ピロリ菌の検査ができるとして、医療機関以外でも検査キットが売られている例があります。ピロリ菌の検査では結果によって精密検査や治療を受けられるようにする必要があるため、医療機関で検査することをお勧めします。

ピロリ菌の検査が保険適用となるには条件があります。内視鏡検査で胃炎が診断されたなどが条件となります。検査は本来の順序と違った使いかたをすると結果の意味も変わってしまいます。また、ピロリ菌が見つかった場合に除菌をするには医療機関に行く必要があります。はじめから除菌ができる医療機関で検査しておいたほうが一貫したケアが受けられます。

繰り返しになりますが、検査前にあらかじめ、ピロリ菌が見つかったら除菌をするのかどうか、除菌によって何を期待するか、期待する結果が得られる証拠はあるかなどについて十分理解したうえで自分の意志を決めておいてください。わからない点があれば医師などの専門家と相談しておいたほうがいいでしょう。検査だけではなく結果が出てからの行動とあわせて考えることが大事です。

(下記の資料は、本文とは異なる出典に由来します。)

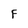
Character: F
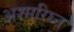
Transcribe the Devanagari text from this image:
अश्मरिघ्न
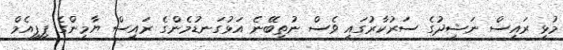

胃がんに対して内視鏡治療を行った人がピロリ菌の除菌を行うとその後の胃がんの再発率が低下する可能性があります。ある研究では除菌を行った人々の再発率は3.3%だったのに対して除菌しなかった人々の再発率は8.8%で、ピロリ菌を除菌する有効性が確認されました。一方でピロリ菌を除菌しても胃がんの再発率は抑制できなかったという報告もあります。すでにピロリ菌によって胃がんが発生しやすい状態になっている場合では除菌をしても効果が低いことなどが原因として考えられます。胃がんの内視鏡治療後にピロリ菌を除菌しても必ずしも胃がんが発生しないわけではないことには注意が必要です。治療後にも内視鏡で経過観察をしていくことが大事です。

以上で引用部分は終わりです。